# 5 lines c++, short and sweet

• ``````class Solution {
public:
int minimumTotal(vector<vector<int>>& triangle) {
for(int i=triangle.size()-2;i>=0;i--)
for(int j=0;j<=i;j++)
triangle[i][j] += min(triangle[i+1][j], triangle[i+1][j+1]);
return triangle[0][0];
}
};``````

• Very smart solution, though the parameter triangle modified is a side effect. Anyway, quite smart one!
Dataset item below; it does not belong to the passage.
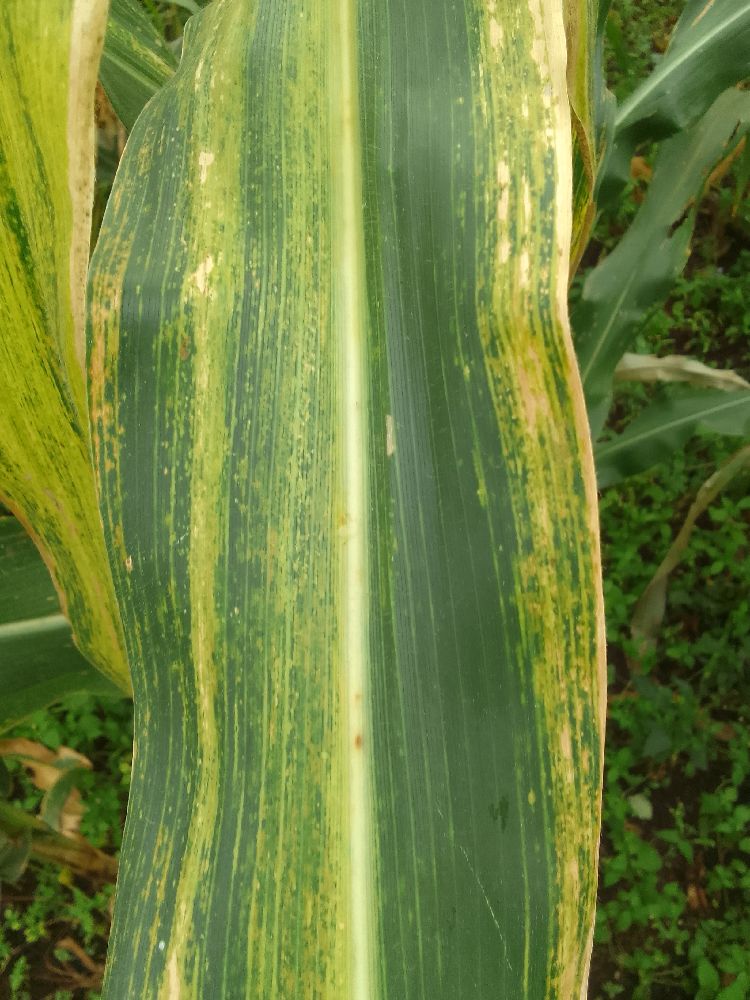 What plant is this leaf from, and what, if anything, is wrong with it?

maize, maize lethal necrosis

Here is my direct solution using O(n) space.

``````class Solution {
public:
int minimumTotal(vector<vector<int>>& triangle)
{
int rowSize = triangle.size();
if(!rowSize) return 0;
int cur[rowSize]{0}, pre[rowSize]{0};
pre[0] = triangle[0][0];
for(int r = 1; r < rowSize; ++r)
{
for(int c = 0; c < triangle[r].size(); ++c)
{
if(c == 0) cur[0] = pre[0]+triangle[r][0];
else if(c == triangle[r].size()-1) cur[c] = pre[c-1]+triangle[r][c];
else cur[c] = min(pre[c], pre[c-1])+triangle[r][c];
}
memcpy(pre, cur, sizeof(int)*rowSize);
}
int minSum = INT_MAX;
for(int i = 0; i < rowSize; ++i) minSum = min(minSum, pre[i]);
return minSum;
}
};``````

• @Yuanhui Why does this solution not work for top-bottom approach ?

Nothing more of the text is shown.